Focus on your Strengths to increase your Well – Being

 Think about the times that you have felt your best at work or at play. It usually revolves around using your strengths. Yet, we tend to spend so much of our time focusing on improving our weaknesses.

One of the key ways we enjoy life, have fun, feel good is to use our strengths. This is especially true in our work life. In 1958 George Gallup found that Career Well-Being and focusing on our strengths is the one distinction that allows us to live a long healthy life. The Gallup Company continues to do research on the value and benefit of using strengths in all walks of life.

Marcus Buckingham, with his newest book, Find your Strongest Life, reports,

  “In the past four decades, women have secured better job prospects,
greater acknowledgement for achievement, wider influence, more free time,
and higher salaries. And yet, recent studies reveal that women have gradually
become less happy than they were 40 years ago, and less happy than men—and
unlike men, they grow sadder as they get older.”  

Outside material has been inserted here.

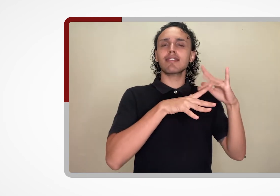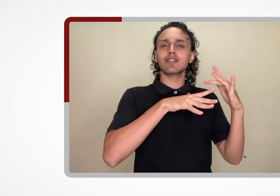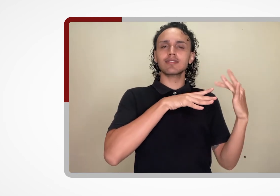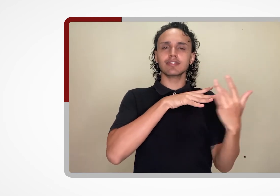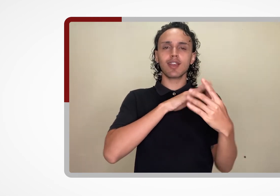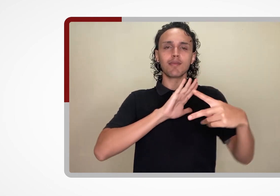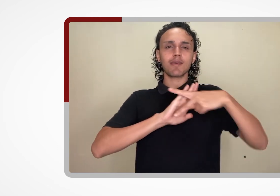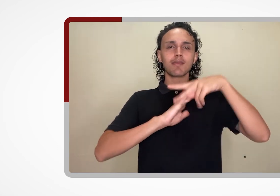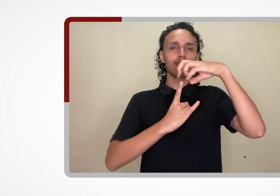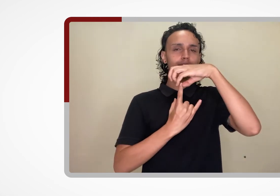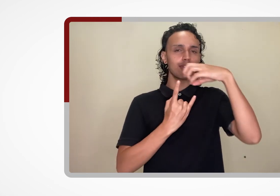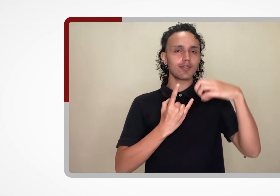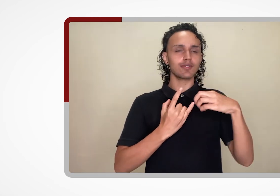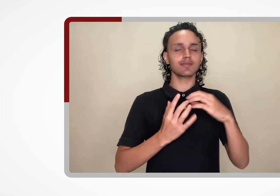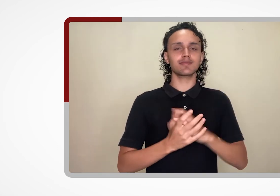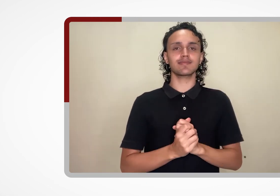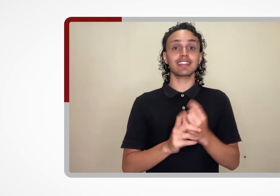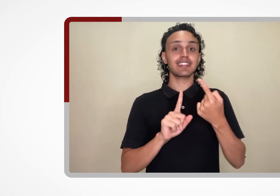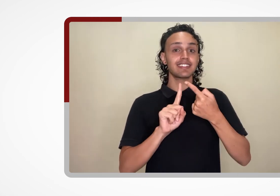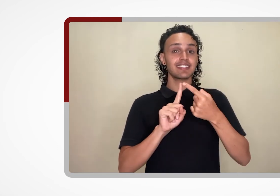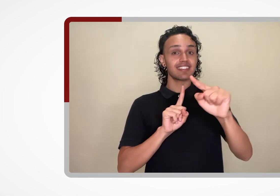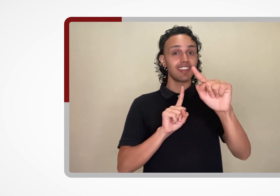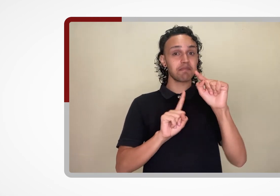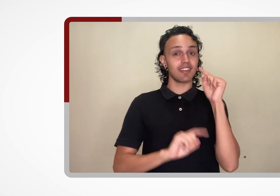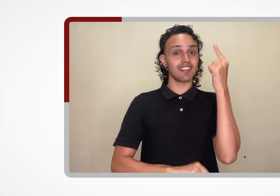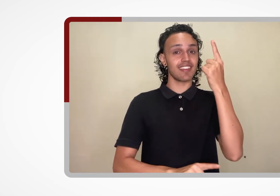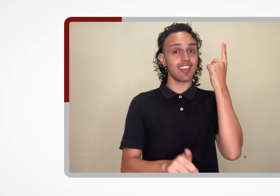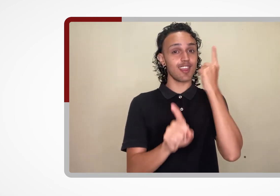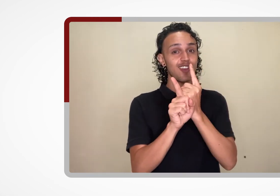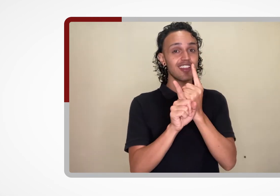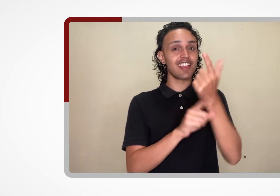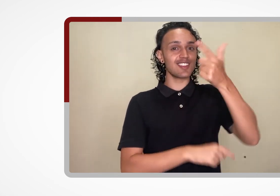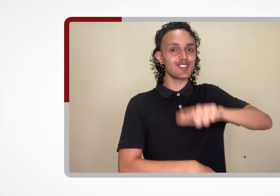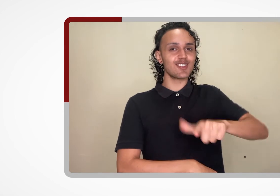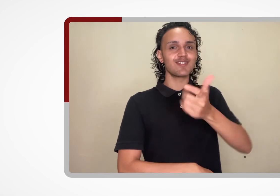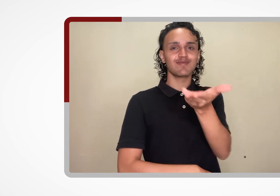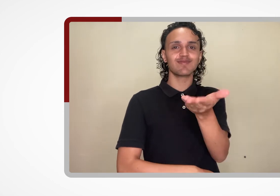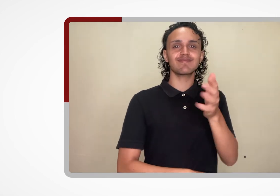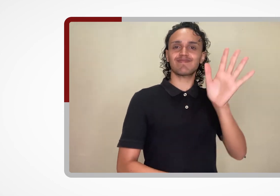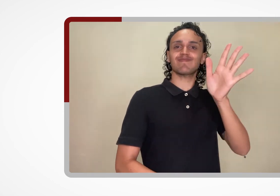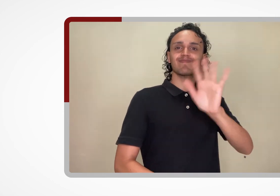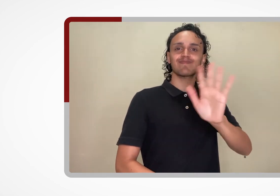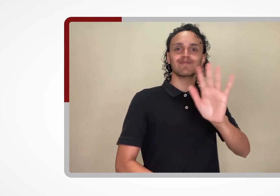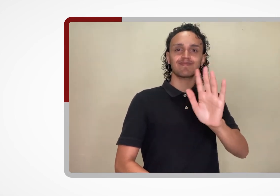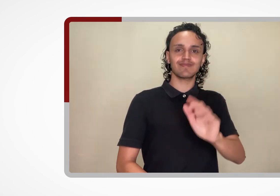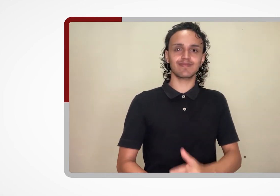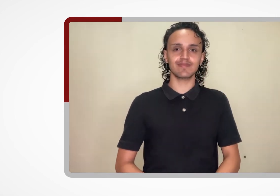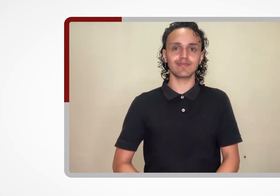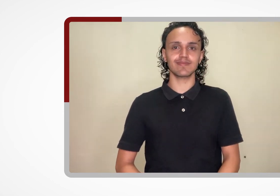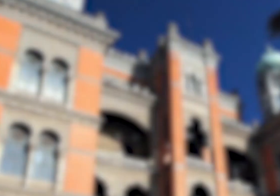a gente se vê na próxima semana. Até lá! Tchau! Tchau!

Marcus Buckingham, similar to his other books, suggests that if woman focus on their
strengths they are happier. They don't just try to balance life, but devote their energy
towards using their strengths.  An interesting idea to consider, but the notion of the paradox of high expectations and abundance still aren't answered.

This goes for children as well. In the similar book focusing on children, the benefit of focusing on kids strengths far outweighs focusing on their weaknesses in terms of self-esteem, confidence, and willingness to work hard to accomplish a goal.

Take this simple idea and bring more joy into your life by focusing on your strengths both at work and at home. Involve your family and co-workers and ask them what your strengths are and reciprocate by sharing your impressions on their strengths. With your strengths in mind find ways each day to apply them and notice how you feel and the effect it has in both producing results and contributing to having a great day!